MTL Annual Report

Figure 1: Electron-impact-ionization pump structure consists of a field-emission source (CNTs, an extractor gate and a focus gate), an electron-impact-ionization region (length of L) and an ion-implantation getter.

There is a need for microscale vacuum pumps that can be readily integrated with other MEMS and electronic components at the chip-scale level. Vacuum pumps exhibit favorable scaling and are promising for a variety of applications such as low-power portable mass spectrometers and sub-mm wavelength vacuum amplifiers. This project aims to develop the technology for a micro-fabricated electron-impact-ionizer pump.  The micropump consists of a field-emission electron source that is an array of double-gated isolated vertically aligned carbon nanotubes (VA-CNTs), an electron-impact-ionization region, and an ion implantation getter, as shown in Figure 1. The pump works as follows: first, electrons are field-emitted from the VA-CNT array; then, the electrons are accelerated at a bias voltage that maximizes the probability of collision with neutral gas molecules, this way achieving ionization by fragmentation of the molecules; finally, ions are implanted into the getter.

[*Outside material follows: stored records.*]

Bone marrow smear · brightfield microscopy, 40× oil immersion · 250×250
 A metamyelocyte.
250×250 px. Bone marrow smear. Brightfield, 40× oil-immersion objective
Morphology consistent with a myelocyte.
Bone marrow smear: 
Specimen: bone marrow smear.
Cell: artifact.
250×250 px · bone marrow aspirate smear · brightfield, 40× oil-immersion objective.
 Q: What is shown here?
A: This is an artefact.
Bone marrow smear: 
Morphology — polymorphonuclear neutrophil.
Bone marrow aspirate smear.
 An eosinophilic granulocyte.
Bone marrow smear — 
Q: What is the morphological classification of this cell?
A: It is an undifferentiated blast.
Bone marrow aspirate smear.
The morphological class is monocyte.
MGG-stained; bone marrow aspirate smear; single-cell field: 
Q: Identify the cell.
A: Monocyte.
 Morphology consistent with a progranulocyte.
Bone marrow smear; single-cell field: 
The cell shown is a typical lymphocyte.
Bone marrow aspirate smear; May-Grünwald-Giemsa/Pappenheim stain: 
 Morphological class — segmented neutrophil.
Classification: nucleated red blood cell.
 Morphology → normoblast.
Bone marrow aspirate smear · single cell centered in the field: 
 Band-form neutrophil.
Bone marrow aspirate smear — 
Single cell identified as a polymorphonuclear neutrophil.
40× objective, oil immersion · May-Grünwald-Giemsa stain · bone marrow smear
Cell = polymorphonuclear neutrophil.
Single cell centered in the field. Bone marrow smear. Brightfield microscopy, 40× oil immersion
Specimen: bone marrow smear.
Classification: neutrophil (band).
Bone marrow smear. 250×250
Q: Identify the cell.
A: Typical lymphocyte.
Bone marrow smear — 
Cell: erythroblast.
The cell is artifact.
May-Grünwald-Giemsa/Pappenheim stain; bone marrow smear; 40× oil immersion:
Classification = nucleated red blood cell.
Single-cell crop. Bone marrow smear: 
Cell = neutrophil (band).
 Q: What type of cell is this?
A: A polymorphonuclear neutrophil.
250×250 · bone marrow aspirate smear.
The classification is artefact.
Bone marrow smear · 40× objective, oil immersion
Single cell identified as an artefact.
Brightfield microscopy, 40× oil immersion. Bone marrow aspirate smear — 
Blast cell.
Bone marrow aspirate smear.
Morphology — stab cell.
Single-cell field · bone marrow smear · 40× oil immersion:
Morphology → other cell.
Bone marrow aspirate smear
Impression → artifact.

In a double-gated field-emitter array, the first gate (extractor) is used to extract electrons out of the tip, while the second gate (focus) is biased at a lower voltage than the first gate or emitter to focus the emitted electrons and collect the back-streaming ions, thus protecting the tip ^[1]. In this work, we are designing and simulating double-gated isolated VA-CNT field-emission arrays to study how the field-emitter tip position relative to the two gates affects the device performance. To quantify the effectiveness of the gates to affect the total emission current, the gate field factor (β_G) and the focus field factor (β_F) are examined using the commercial simulation software COMSOL. Figure 2 shows a solution of electric field for an emitter with 20 nm tip radius and 1 mm height with 0.24 mm aperture from a single gate. From this simulation, we obtain a gate field factor of 2.1×10⁵V/cm.

1. L.-Y. Chen, L. F. Velasquez-Garcia, X. Wang, K. Cheung, K. Teo, and A. I. Akinwande, “Design, Fabrication and Characterization of Double-Gated Vertically Aligned Carbon Nanofiber Field Emitter Arrays.” in Vacuum Nanoelectronics Conference, 2007, pp 82-83. [↩]